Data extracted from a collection
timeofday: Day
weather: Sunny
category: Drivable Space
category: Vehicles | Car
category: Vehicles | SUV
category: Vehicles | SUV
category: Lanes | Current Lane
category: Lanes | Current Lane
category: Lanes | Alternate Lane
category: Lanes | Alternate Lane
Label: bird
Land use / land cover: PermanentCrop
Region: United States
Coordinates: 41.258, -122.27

[EXERCISE OBJECTIVE]:
Put down each entry again, unchanged and complete.

[WRITTEN ANSWER]:
timeofday: Day
weather: Sunny
category: Drivable Space
category: Vehicles | Car
category: Vehicles | SUV
category: Vehicles | SUV
category: Lanes | Current Lane
category: Lanes | Current Lane
category: Lanes | Alternate Lane
category: Lanes | Alternate Lane
Label: bird
Land use / land cover: PermanentCrop
Region: United States
Coordinates: 41.258, -122.27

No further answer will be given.